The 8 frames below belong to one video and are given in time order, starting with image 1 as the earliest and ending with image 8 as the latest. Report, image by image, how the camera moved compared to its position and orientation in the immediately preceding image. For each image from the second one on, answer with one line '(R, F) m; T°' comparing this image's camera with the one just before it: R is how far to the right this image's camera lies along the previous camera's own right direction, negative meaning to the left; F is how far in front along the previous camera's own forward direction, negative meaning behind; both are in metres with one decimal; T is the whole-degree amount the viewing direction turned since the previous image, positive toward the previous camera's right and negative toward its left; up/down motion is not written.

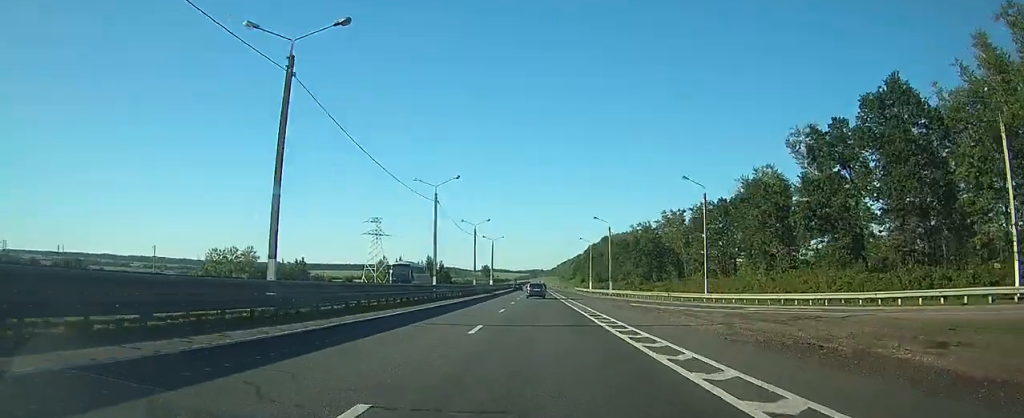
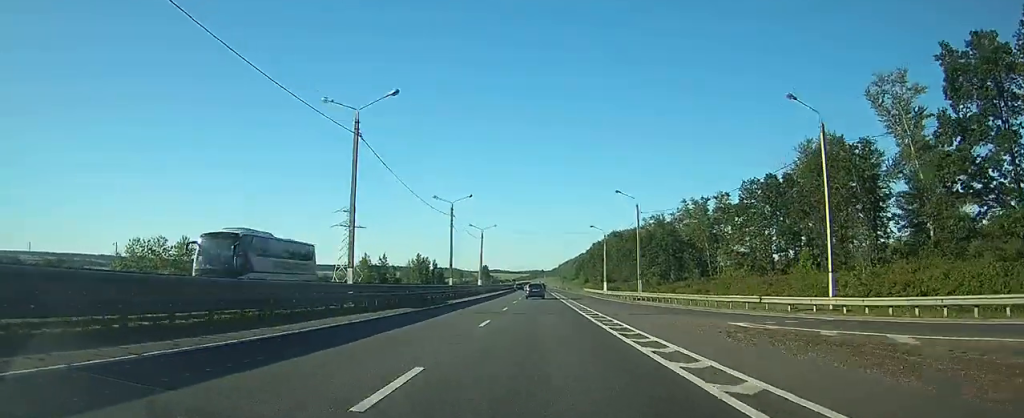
(0.0, +21.4) m; 0°
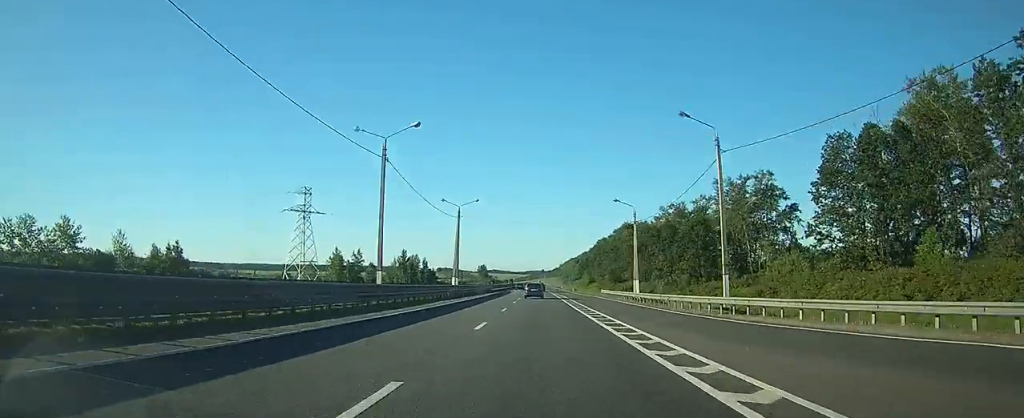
(0.0, +25.3) m; 0°
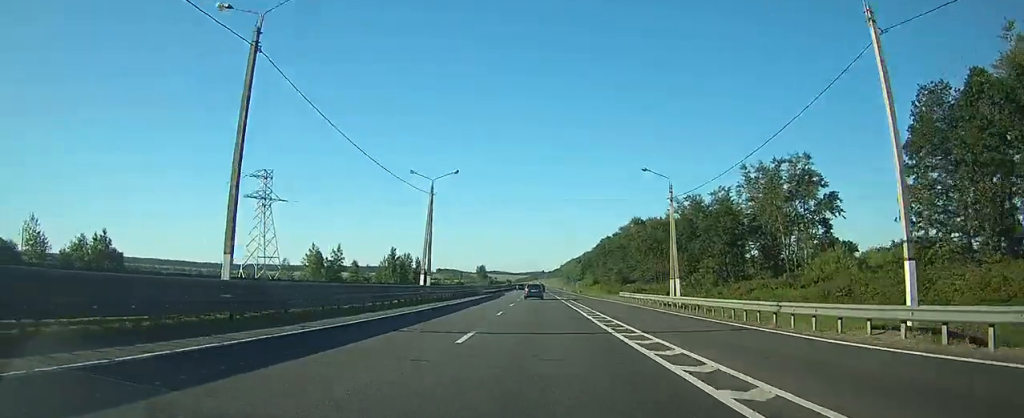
(0.0, +15.6) m; 0°
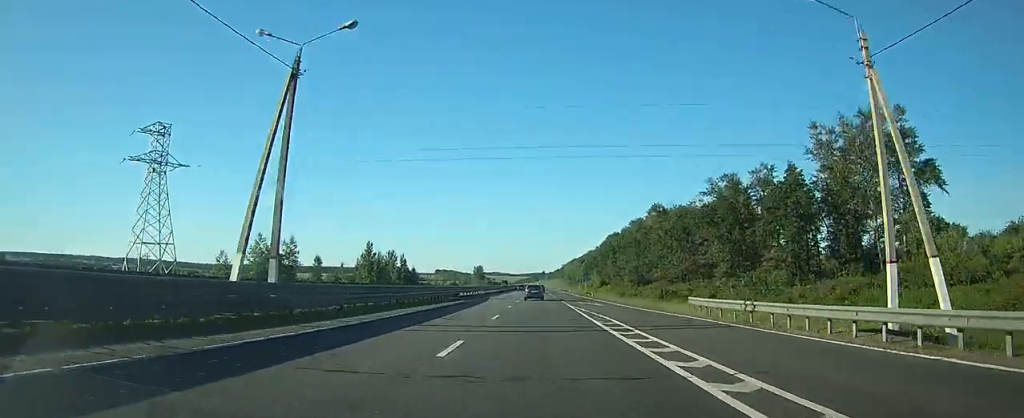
(0.0, +26.4) m; 0°
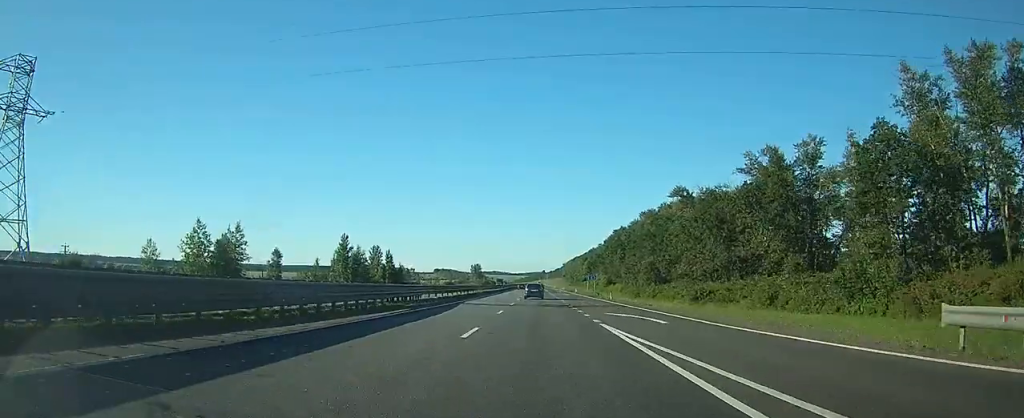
(0.0, +20.5) m; 0°
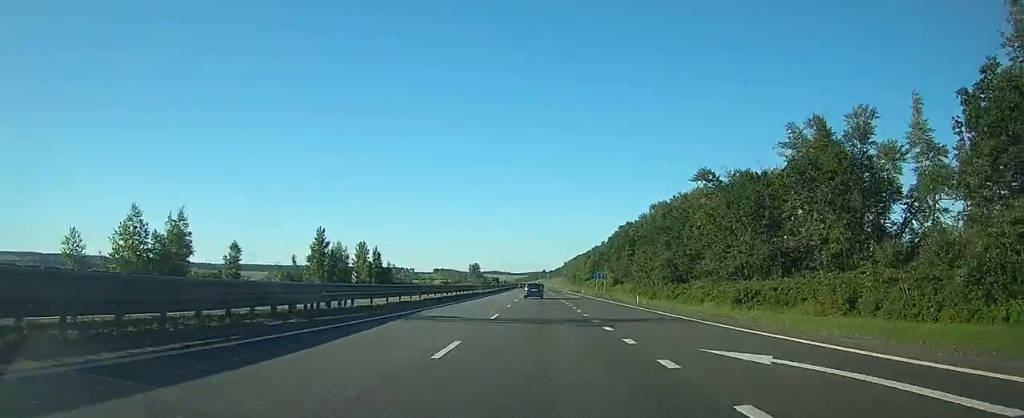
(0.0, +15.7) m; 0°
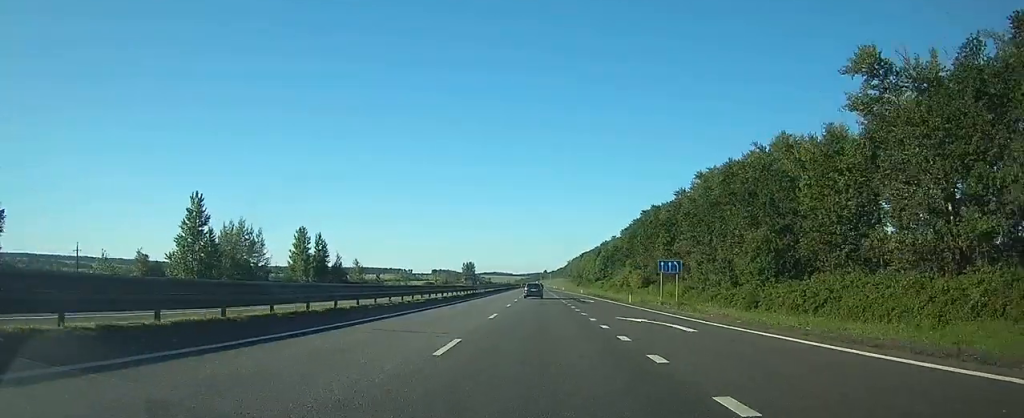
(-0.1, +47.3) m; 0°

============================================================

Output the data verbatim, images excluded.

▶ [WRITTEN RESPONSE]:
The 8 frames below belong to one video and are given in time order, starting with image 1 as the earliest and ending with image 8 as the latest. Report, image by image, how the camera moved compared to its position and orientation in the immediately preceding image. For each image from the second one on, answer with one line '(R, F) m; T°' comparing this image's camera with the one just before it: R is how far to the right this image's camera lies along the previous camera's own right direction, negative meaning to the left; F is how far in front along the previous camera's own forward direction, negative meaning behind; both are in metres with one decimal; T is the whole-degree amount the viewing direction turned since the previous image, positive toward the previous camera's right and negative toward its left; up/down motion is not written.

(0.0, +21.4) m; 0°
(0.0, +25.3) m; 0°
(0.0, +15.6) m; 0°
(0.0, +26.4) m; 0°
(0.0, +20.5) m; 0°
(0.0, +15.7) m; 0°
(-0.1, +47.3) m; 0°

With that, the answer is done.